Yet as I give time to remember those who have died for my country, and my neighbor, my mind also drifts to those serving in Communist China’s “People’s Liberation Army”: the Korean War veteran who was arrested for a Tiananmen Square protest after his petition was rejected by the Communist regime (Epoch Times), the 1,000 veterans who were transferred to a regime-owned construction conglomerate which proceeded to steal their wages (Asia News), the soldiers stationed in occupied East Turkestan who have become prisoners in their own bases, terrorized not by the local Uighur population, but by the Communist regime itself, which refuses to let them return to their homes and has turned their barracks into “a concentration camp” (Epoch Times).
In Canada, nearly everyone honors those who gave their lives for their country – what type of country it should be is a matter of heated debate, but such is the nature of democracy.
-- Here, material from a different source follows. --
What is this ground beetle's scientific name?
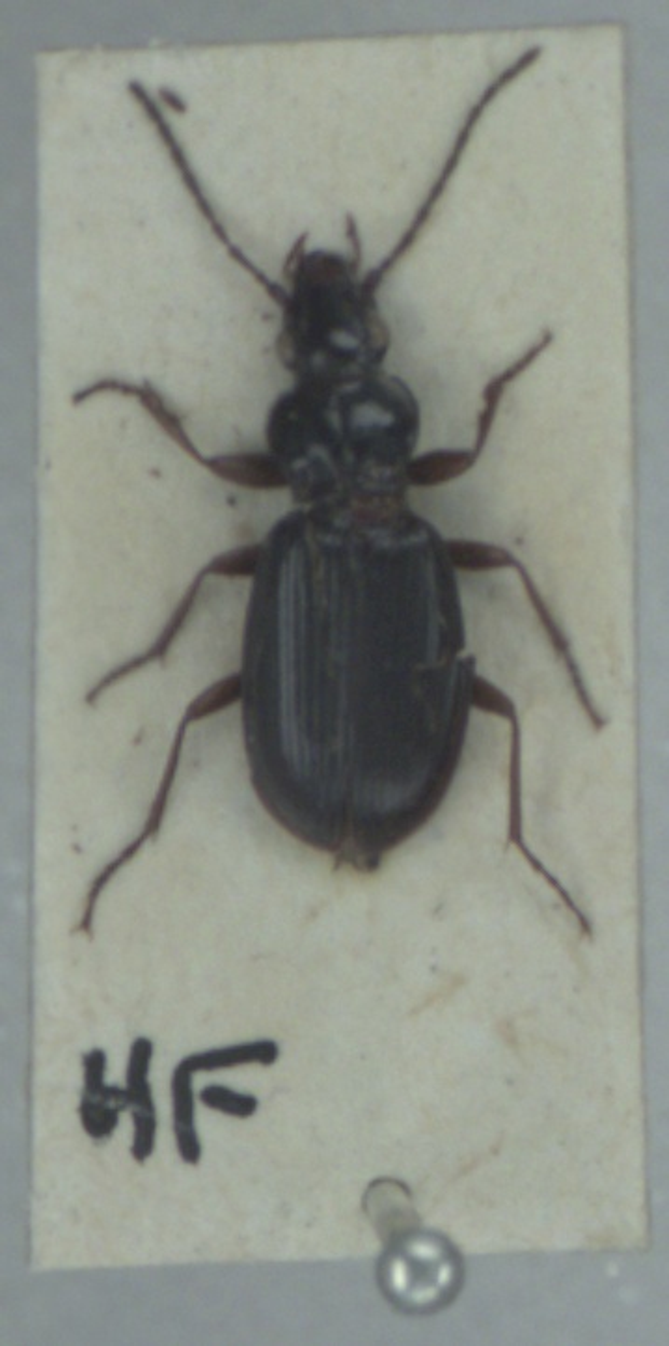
Patrobus atrorufus
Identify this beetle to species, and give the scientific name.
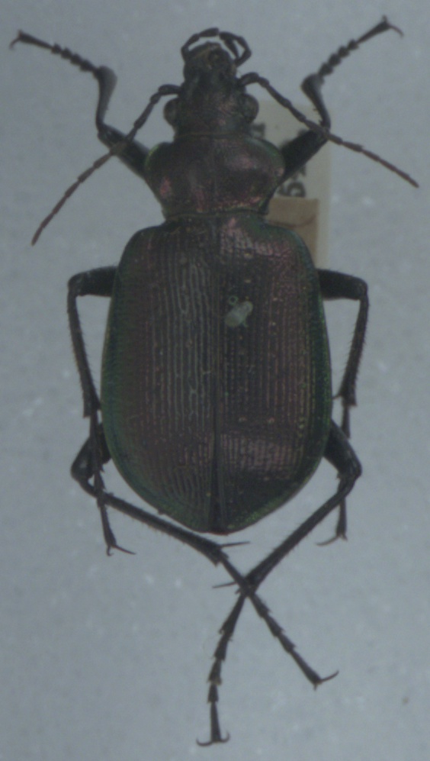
Calosoma inquisitor
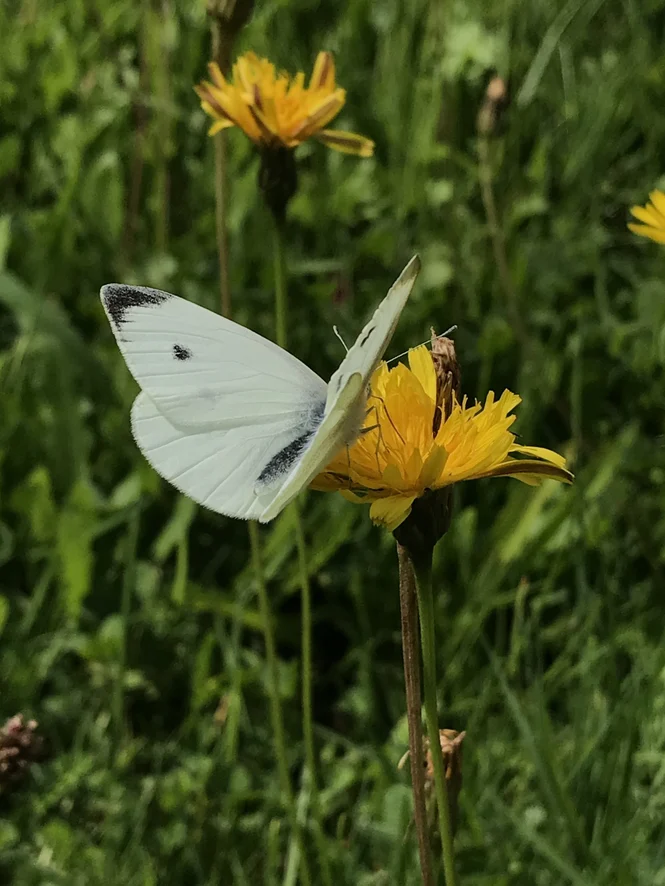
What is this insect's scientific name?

The situation is similar in America: even opponents of America’s military engagements in Afghanistan and Iraq express the utmost respect for the men and women in uniform. One would expect the Chinese people to have same reverence and respect for those who serve. So why does Communist China treat its own military so shabbily?
The answer clear and obvious, but on this day, I feel it needs repeating, the “People’s Liberation Army” does not serve China. It serves the Chinese Communist Party. Of course, the CCP would like everyone to believe that this is the same thing, but history reveals otherwise. Now, the PLA servicemen are realizing the truth.
A nation is best reflected by its people, and no one would challenge the fact that the Chinese people have a rich, deep, and strong love of their country. The Chinese Communist Party, however, is reflected by its corrupt, cruel, and self-centered leadership, which places power above patriotism, control above country, and nihilism over nation. Lest anyone forget, the Chinese Communist Party began as an adjunct to the Soviet Communist Party, and was more than willing to make deals with China’s enemies (Commentary Two, Nine Commentaries on the Chinese Communist Party) in order to enhance its political strength.
For the Chinese Communist Party, power is all that matters. Thus the fate of the country itself is of secondary importance. Thus, when Mao Zedong wanted Soviet military technology to strengthen the Party’s control, he gladly let tens of millions starve to death while the grain they planted was sold to the Soviets (Time Asia). Perhaps an even better example, especially for those who focus on Europe’s colonial misdeeds in China, came in 1974, when Portugal offered to return its Macao colony. The Chinese Communist Party was still so enamored with its Cultural Revolution bloodlust that, in order to avoid any distraction, it turned Portugal down.
For the Chinese Communist Party, China is nothing more than a resource to be used and manipulated. For the Communist military, the message from the Party is crystal clear – kill yourself ramming a fighter jet into an American plane and you become a hero, survive long enough to demand basic human rights and you become a prisoner.
So while we in the United States and Canada remember our veterans, let us remember what makes us different from Communist China. Our nations, imperfect as they may be, are guided by patriotism, and as such we honor those who strive and strove to defend us. The Communist Chinese regime is guided by Party-ism, and as such it dishonors itself – but not the Chinese nation – by ignoring, imprisoning, and intimidating those who kept and keep it in power. As of this hour, over 5.5 million Chinese have recognized this difference, and have publicly renounced the Chinese Communist Party. Anyone who loves China can only hope that this number will continue to grow, and that the Chinese Communist Party’s reign of terror will soon come to an end. It’s time for China’s military to serve China again.